The project team informed the North Saanich Residents Association (NSRA) that the NSRA Housing and Density Survey for the OCP would not be considered, but the Urban Development Institute’s letter would be considered as part of the Phase 2 engagement.

This one is pretty basic. Here's the response to the NSRA's survey from the head of the Planning Department:

"Yes we will consider [the survey responses] but this is the NSRA’s survey and once again the District was not involved in developing the survey questions or endorsed the survey nor did it form part of our is only fair to everyone that we only use input that is gained from engagement activities that the project team has developed with our AWG."

Here's what the Communications Director said about the UDI report, as quoted in the Peninsula News Review (and other news outlets):

“The feedback from the Urban Development Institute will be considered as part of the current phase of engagement”

Council voted to accept both the NSRA Survey and the UDI report.

Do you know anyone on the AWG? If so, you should ask them what sort of work they did to "develop engagement activities". Too bad the meetings are closed to the public.

That's it for our response to the "Response to Misconceptions"

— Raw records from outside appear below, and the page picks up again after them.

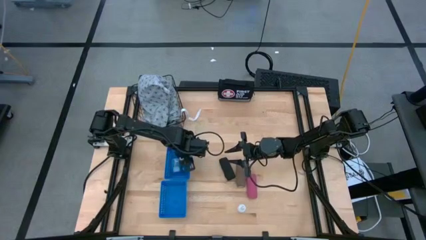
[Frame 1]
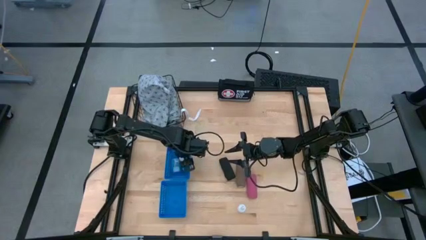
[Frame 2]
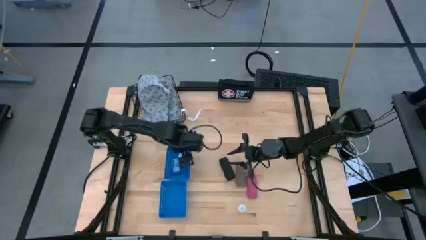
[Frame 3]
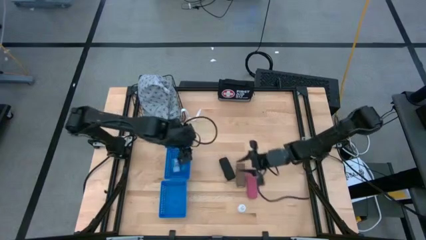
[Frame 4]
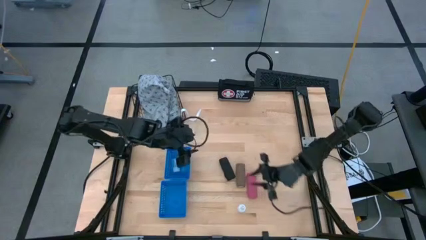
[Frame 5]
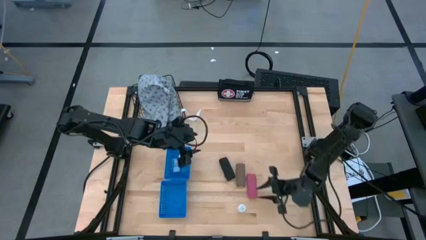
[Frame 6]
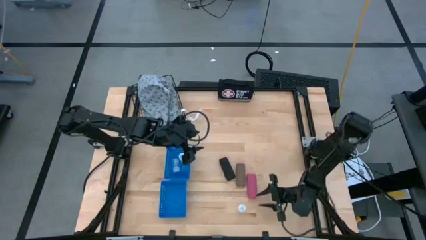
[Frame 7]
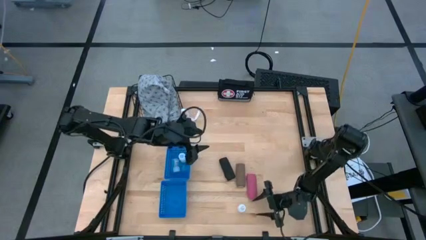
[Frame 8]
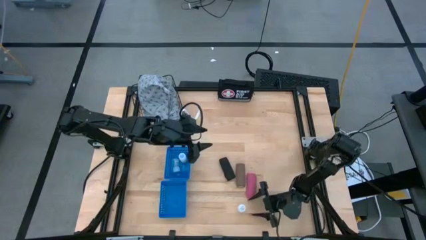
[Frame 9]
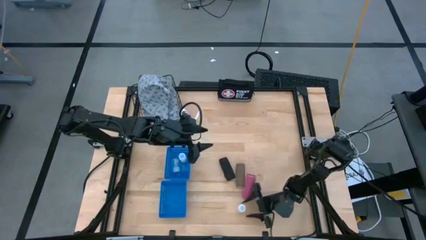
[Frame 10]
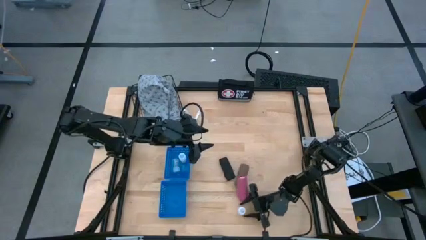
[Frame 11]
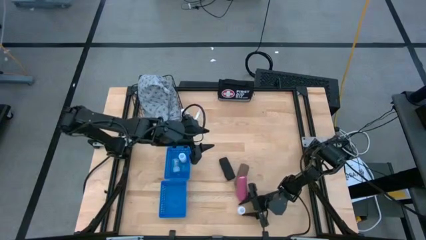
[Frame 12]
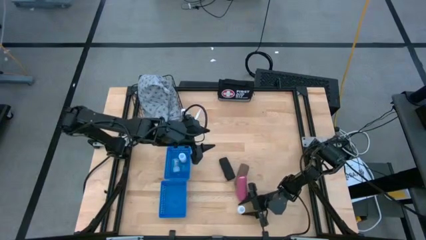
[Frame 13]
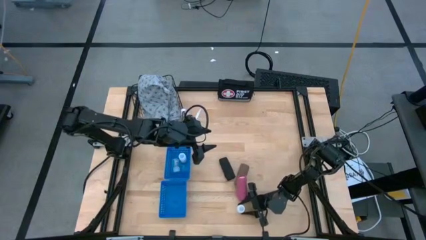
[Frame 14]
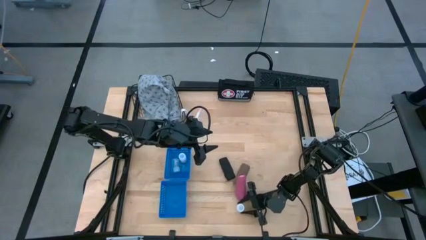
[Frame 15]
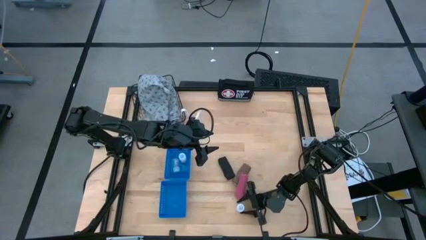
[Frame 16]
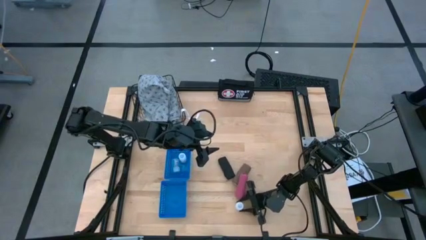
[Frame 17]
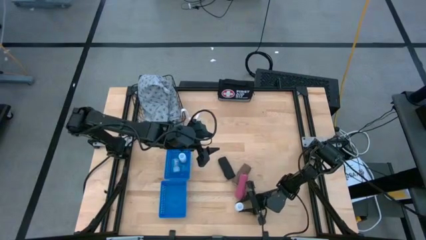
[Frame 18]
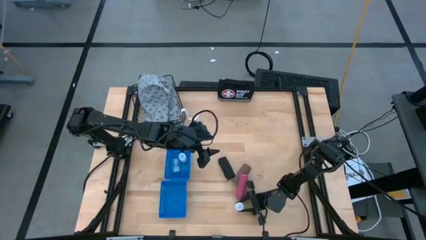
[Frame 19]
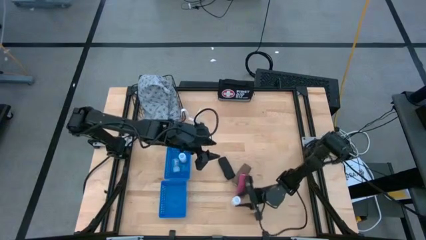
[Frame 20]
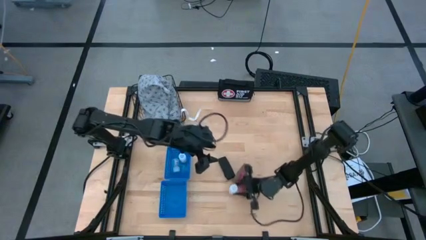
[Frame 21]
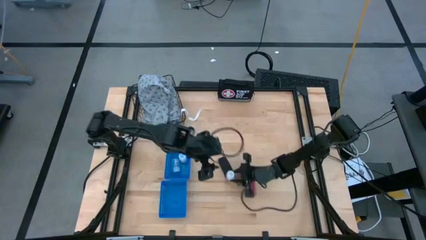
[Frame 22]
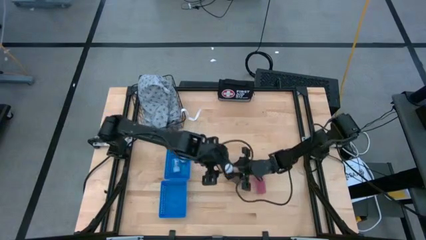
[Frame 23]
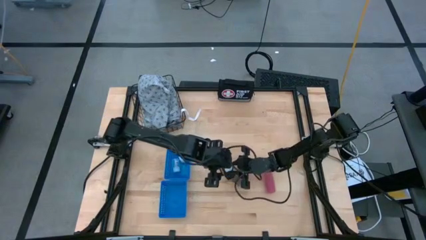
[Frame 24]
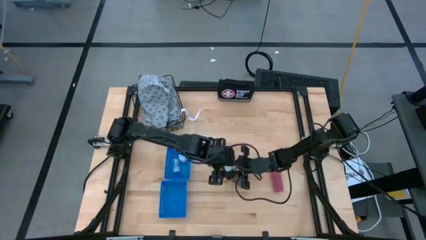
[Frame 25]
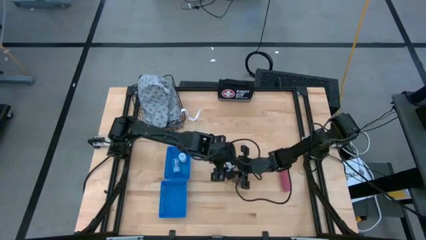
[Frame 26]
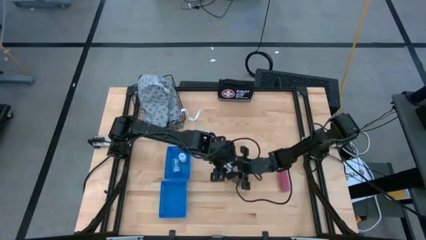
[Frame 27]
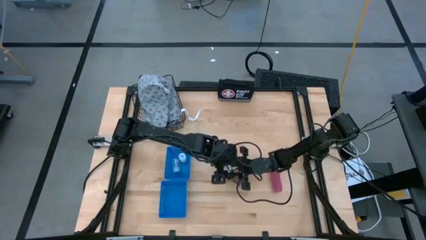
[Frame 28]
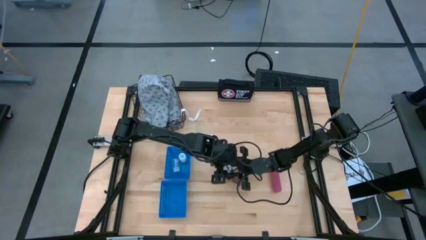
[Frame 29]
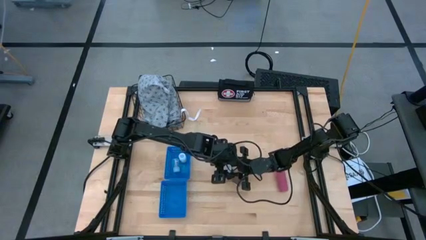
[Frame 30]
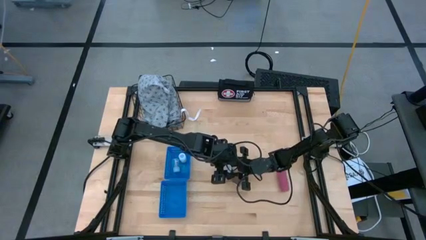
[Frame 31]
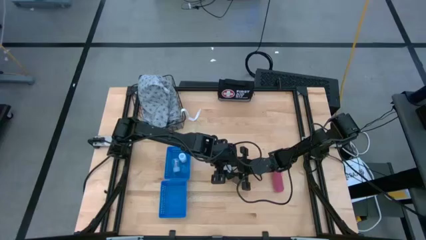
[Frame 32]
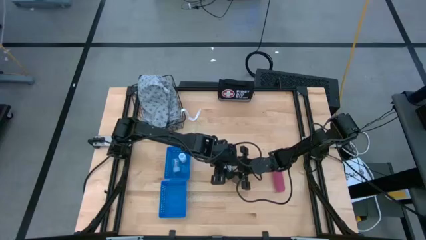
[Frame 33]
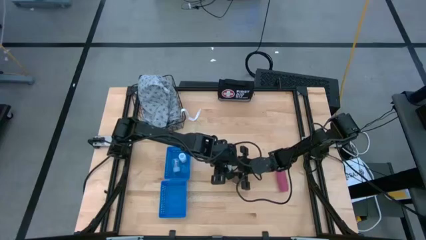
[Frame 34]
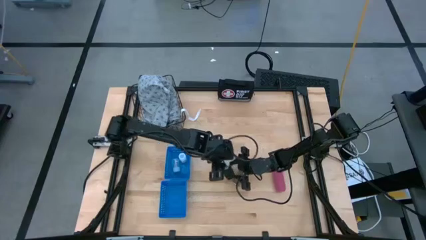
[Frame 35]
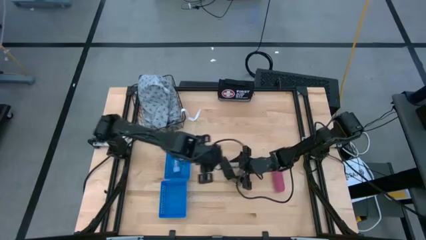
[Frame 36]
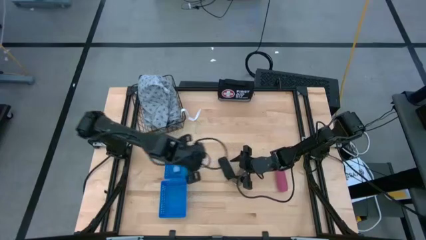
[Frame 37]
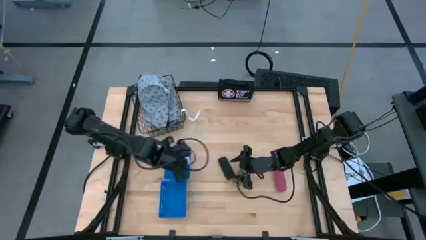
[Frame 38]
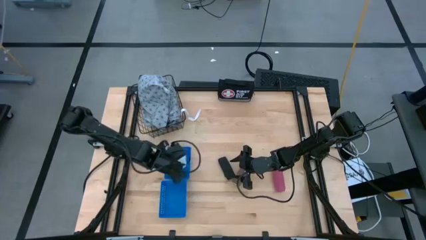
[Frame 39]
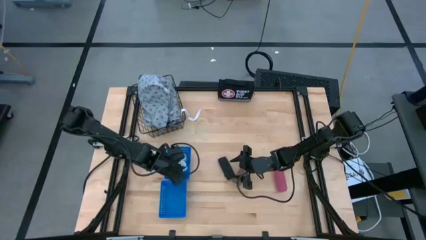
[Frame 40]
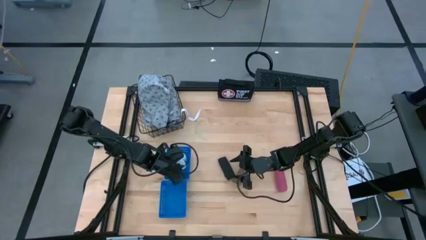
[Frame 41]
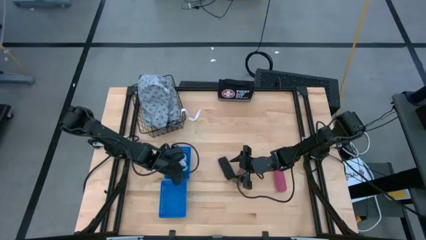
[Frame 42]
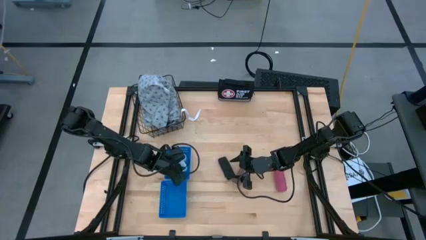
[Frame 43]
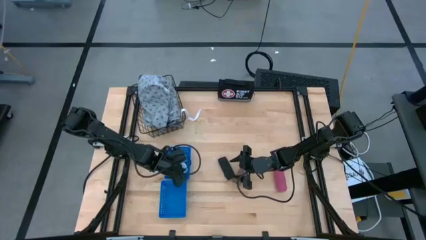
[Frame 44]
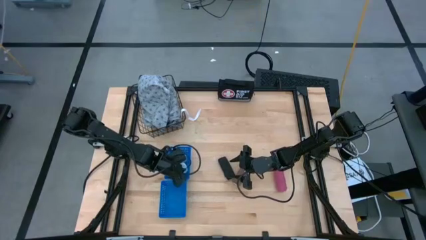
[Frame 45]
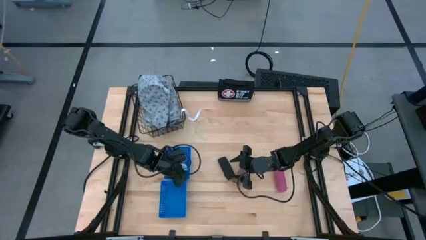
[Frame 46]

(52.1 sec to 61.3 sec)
Task: Pick & Place Medicine items
Put the white pill bottle into the top blue basket

...but we'll address two more while we're here

As we mentioned earlier, a couple of Councillors have drafted a form response that they are sending to residents. We'd like to address a couple of points they raise in their email.

These Councillors assure us that we are at the end of stage two of a five-stage OCP review - the very beginning! The implication is that we should all calm down because it's so early in the game. The problem is, each stage of the review builds on the stage before it. If the foundation of this review is rotten, the result will be as well. The next phase has the Project Team doing a "deeper dive into these emerging concepts". Now is definitely the time to get excited.

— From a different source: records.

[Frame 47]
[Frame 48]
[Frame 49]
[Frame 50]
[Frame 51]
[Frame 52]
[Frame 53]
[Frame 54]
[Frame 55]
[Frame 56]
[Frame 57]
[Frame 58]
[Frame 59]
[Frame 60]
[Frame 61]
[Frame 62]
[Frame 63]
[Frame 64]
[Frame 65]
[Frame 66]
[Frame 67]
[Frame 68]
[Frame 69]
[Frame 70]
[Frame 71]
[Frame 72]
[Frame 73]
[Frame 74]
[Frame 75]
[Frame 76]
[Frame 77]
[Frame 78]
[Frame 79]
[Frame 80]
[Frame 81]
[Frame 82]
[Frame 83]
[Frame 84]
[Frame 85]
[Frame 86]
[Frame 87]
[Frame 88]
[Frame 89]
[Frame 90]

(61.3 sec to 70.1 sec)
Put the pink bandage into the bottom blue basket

These Councillors also say that "targeting the McTavish Neighbourhood to become “the main high-density housing and commercial centre for all of North Saanich” is something that is "NOT being proposed". But the problem is this map, which was created by the Project Team and displayed at the design charette meetings and the pop-up events:

What do you think? "Higher density apt. buildings"? "Low apt. forms"? "Retail/commercial cross roads"? Looks an awful lot like a proposal for McTavish to become the main high-density housing and commercial centre for all of North Saanich, doesn't it?

The staff report released Monday afternoon notes the "emerging concepts" envision "[development of] a Village Centre around three nodes: the McTavish Interchange, McTavish and East Saanich Road, and the Panorama Recreation Centre". (That is on page 6 of the report, but the whole thing is worth a read. Maybe pour a drink first.)

For the record, we don't think any North Saanich Councillors would deliberately mislead anyone. But heaven knows, there sure are a lot of misconceptions floating around these days.